At Intel Innovation 2022, QCT and Intel showcased their workload optimization work. It wasn’t the flashiest demo, but looking at our notes again, it made more sense. When we look to next-generation platforms, as well as those deployed today, the impact of low optimization is huge in terms of performance and power consumption.
QCT on Application Profiling at Intel Innovation 2022
Here is QCT’s slide on profiling and tuning WRF. WRF, for those who don’t know, is a weather simulation tool. It is a well-known HPC workload that has dedicated clusters to run it. Something that can be seen is that the goal is optimization by running the software and seeing how it works.
This brings us to the question of how QCT does this with its customers. Something we didn’t cover much during Intel Innovation 2022, but it was an interesting conversation, was the conversation of Brendan Gregg (a former performance manager at Netflix). There he showed CPU flame graphs as a way to see the execution time spent on different parts of the stack.
Intel has extended this to go beyond just the CPU, but also for off-CPU flame graphics. HPC workloads often involve transferring data from one node to another, and so there is a performance strain on a cluster while waiting for things like moving data.
Intel also has CPI flame graphics.

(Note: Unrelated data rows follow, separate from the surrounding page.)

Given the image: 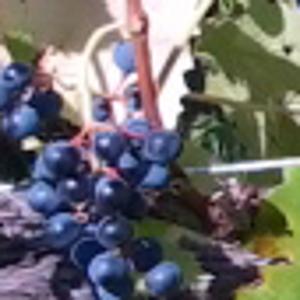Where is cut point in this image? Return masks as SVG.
Segmentation results:
<instances>
[{
    "instance_id": "1",
    "label": "cut point",
    "mask_w": 300,
    "mask_h": 300,
    "mask_svg": "<svg viewBox=\"0 0 300 300\" xmlns=\"http://www.w3.org/2000/svg\"><path fill=\"white\" fill-rule=\"evenodd\" d=\"M129 23V18L127 16H120L119 18L109 22L105 26L98 28L91 36L90 42L85 48L83 55L80 58L78 64V80L79 82V93L80 98V110L82 117L84 119H89L91 117L90 109V91L88 88L89 77L87 75V69L90 61L92 60L96 49L99 46L101 39L115 30L124 27Z\"/></svg>"
}]
</instances>
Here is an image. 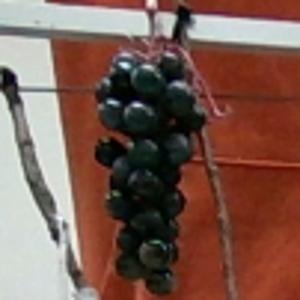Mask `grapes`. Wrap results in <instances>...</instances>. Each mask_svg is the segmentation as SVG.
<instances>
[{
  "label": "grapes",
  "mask_w": 300,
  "mask_h": 300,
  "mask_svg": "<svg viewBox=\"0 0 300 300\" xmlns=\"http://www.w3.org/2000/svg\"><path fill=\"white\" fill-rule=\"evenodd\" d=\"M195 73L181 55L139 50L113 54L108 74L94 81L97 120L124 145L103 136L93 146L97 166L111 171L103 210L115 222L113 267L128 284L144 281L148 294L164 299L176 291L182 260L178 218L188 205L183 166L196 154L194 137L209 128L212 115L194 85Z\"/></svg>",
  "instance_id": "01657485"
}]
</instances>

If you can see the dark blue bar below, it’s a process waiting for IO.
Earlier this year, Intel acquired a company called Granulate for $650 million. We have noticed that QCT uses Intel Granulate and gProfiler with its clients to detect these performance bottlenecks.
If you use gProfiler, you will see heavy use of flame graphics.
These flame graphs then help to fuel two different optimization paths. The first is code optimization, and that’s what Intel’s keynote at Innovation 2022 focused on. On the QCT side, it works with customers to use that data to tune systems and clusters.
It can be everything from used libraries, to basic BIOS settings, kernel settings and also cluster hardware.
When we are on trade shows it is often easy to understand the WRF simulation output as it usually involves weather forecast and map. The material is also easy to observe because it is in plain sight.
What we don’t focus on so much, and perhaps should, are tools like Intel’s Granulate gProfiler and the efforts to apply them by companies like QCT. Large, very large-scale clients often have sophisticated tools that allow them to do this work. Now smaller organizations have access to this software, and it looks like QCT is now offering a service.